Task description: When a line in the data below includes "width", pick it out and copy it.

Collected data entries:
┌────────

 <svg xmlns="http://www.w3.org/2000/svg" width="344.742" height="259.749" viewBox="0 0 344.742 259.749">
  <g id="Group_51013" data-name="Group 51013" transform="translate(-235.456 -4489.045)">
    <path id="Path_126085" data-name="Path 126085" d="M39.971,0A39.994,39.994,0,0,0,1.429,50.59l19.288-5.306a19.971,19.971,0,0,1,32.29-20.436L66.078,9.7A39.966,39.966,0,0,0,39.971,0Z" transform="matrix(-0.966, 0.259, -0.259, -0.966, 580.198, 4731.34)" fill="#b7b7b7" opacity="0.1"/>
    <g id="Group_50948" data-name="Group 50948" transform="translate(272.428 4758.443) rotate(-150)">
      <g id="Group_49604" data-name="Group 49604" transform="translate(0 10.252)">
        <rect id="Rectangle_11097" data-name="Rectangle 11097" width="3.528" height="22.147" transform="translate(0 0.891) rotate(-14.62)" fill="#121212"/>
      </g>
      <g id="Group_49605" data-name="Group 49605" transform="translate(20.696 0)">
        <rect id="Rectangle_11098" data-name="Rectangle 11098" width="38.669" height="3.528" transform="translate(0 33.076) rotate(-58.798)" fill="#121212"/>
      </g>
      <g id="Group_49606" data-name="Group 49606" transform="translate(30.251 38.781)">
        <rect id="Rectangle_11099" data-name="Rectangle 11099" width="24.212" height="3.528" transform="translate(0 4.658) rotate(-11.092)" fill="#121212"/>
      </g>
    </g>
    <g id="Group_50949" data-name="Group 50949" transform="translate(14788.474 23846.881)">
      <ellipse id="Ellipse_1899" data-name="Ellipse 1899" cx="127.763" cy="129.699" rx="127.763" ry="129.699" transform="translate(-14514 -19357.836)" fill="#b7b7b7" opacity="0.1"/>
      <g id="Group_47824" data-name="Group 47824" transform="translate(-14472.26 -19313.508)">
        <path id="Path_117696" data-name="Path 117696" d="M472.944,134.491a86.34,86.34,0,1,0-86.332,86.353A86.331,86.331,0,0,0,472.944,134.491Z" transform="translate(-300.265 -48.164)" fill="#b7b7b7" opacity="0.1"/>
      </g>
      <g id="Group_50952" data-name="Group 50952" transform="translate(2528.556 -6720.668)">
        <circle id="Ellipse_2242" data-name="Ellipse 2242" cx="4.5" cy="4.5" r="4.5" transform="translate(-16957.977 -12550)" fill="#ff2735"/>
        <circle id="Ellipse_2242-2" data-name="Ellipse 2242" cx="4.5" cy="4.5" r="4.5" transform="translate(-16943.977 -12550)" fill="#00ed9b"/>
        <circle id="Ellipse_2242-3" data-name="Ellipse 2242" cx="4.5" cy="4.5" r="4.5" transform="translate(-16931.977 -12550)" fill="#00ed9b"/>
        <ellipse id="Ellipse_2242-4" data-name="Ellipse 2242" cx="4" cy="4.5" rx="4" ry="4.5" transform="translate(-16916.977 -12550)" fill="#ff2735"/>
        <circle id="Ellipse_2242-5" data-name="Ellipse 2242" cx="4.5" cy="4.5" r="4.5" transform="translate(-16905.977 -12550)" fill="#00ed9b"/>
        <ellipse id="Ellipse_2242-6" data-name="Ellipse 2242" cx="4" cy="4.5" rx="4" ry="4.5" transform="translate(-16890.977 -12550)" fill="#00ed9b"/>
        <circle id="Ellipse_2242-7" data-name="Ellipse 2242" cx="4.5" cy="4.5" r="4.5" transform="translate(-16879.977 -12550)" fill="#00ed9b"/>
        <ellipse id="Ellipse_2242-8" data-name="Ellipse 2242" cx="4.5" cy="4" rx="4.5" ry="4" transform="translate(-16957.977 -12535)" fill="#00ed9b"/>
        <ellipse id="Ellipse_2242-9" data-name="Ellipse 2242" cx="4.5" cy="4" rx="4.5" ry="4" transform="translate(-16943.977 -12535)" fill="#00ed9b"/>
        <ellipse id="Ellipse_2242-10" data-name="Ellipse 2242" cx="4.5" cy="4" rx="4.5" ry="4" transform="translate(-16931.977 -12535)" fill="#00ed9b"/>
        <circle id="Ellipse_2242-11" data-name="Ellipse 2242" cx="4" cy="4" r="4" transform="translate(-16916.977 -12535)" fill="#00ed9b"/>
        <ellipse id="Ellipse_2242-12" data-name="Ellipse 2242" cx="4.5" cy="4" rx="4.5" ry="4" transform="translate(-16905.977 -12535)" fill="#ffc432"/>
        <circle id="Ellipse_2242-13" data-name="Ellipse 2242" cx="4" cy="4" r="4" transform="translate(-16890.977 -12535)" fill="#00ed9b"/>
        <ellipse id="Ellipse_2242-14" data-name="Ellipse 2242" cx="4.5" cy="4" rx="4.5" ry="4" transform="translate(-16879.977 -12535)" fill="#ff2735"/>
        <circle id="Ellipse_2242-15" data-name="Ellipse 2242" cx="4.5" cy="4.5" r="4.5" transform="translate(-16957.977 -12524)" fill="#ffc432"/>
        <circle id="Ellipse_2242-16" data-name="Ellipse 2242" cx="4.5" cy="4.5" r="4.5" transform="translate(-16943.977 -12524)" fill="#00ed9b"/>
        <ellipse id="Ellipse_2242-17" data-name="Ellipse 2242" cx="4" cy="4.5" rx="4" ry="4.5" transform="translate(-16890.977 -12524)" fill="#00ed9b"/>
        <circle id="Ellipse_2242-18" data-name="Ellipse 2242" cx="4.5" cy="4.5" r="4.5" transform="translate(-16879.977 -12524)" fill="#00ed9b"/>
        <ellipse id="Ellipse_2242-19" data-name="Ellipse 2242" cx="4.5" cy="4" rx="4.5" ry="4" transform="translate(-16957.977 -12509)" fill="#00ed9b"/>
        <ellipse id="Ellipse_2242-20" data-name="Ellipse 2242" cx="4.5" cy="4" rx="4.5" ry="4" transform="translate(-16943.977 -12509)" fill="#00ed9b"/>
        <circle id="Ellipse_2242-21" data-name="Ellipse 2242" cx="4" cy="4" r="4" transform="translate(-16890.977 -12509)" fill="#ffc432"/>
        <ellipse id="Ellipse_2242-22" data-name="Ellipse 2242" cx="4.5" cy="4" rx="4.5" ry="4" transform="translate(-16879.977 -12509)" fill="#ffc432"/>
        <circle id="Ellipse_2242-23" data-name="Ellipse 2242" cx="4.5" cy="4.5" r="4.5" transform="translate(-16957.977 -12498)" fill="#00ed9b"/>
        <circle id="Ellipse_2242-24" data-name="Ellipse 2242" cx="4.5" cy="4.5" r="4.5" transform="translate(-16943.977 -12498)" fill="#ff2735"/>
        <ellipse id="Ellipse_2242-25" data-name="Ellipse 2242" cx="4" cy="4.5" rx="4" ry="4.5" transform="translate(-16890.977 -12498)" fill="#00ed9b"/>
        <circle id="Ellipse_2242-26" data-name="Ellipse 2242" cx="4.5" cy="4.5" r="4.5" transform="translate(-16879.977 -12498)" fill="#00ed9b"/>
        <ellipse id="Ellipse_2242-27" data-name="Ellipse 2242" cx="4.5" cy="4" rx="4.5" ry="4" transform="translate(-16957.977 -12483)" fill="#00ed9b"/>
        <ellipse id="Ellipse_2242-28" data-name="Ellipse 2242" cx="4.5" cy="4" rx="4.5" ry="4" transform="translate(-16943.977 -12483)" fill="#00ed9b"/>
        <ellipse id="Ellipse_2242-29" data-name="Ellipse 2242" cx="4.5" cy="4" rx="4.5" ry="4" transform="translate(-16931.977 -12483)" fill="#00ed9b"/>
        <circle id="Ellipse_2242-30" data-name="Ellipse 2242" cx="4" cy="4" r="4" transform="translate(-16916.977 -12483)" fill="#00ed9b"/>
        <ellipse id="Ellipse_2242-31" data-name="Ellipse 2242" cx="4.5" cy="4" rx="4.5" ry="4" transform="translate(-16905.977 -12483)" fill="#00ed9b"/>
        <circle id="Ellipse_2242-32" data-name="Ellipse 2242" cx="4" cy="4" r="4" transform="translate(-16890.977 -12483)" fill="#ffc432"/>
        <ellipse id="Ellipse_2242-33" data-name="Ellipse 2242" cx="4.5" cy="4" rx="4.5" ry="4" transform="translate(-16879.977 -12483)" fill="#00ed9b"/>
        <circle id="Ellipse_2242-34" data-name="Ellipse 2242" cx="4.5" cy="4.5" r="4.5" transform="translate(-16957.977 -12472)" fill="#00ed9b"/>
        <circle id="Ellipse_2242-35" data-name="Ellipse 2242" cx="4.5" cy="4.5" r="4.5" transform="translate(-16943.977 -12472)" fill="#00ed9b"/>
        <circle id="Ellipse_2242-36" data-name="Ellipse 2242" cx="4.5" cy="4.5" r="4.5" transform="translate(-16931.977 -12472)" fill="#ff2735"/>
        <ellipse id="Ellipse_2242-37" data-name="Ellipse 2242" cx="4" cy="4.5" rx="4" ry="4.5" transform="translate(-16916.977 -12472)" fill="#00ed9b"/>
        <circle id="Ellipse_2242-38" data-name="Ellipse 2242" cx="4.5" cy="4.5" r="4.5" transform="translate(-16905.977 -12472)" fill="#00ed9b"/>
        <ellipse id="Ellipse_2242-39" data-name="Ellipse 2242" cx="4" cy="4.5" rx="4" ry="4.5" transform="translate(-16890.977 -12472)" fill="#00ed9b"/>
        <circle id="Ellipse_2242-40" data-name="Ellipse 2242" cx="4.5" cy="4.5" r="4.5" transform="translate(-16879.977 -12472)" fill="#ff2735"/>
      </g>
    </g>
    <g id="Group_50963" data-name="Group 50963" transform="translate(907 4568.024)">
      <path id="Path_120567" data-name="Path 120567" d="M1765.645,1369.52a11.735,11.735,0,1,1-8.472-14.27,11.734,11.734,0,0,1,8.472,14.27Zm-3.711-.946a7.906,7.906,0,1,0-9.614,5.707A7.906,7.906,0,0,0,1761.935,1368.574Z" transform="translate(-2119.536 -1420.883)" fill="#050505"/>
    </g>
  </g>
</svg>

└────────

Solution to this problem:
 <svg xmlns="http://www.w3.org/2000/svg" width="344.742" height="259.749" viewBox="0 0 344.742 259.749">
        <rect id="Rectangle_11097" data-name="Rectangle 11097" width="3.528" height="22.147" transform="translate(0 0.891) rotate(-14.62)" fill="#121212"/>
        <rect id="Rectangle_11098" data-name="Rectangle 11098" width="38.669" height="3.528" transform="translate(0 33.076) rotate(-58.798)" fill="#121212"/>
        <rect id="Rectangle_11099" data-name="Rectangle 11099" width="24.212" height="3.528" transform="translate(0 4.658) rotate(-11.092)" fill="#121212"/>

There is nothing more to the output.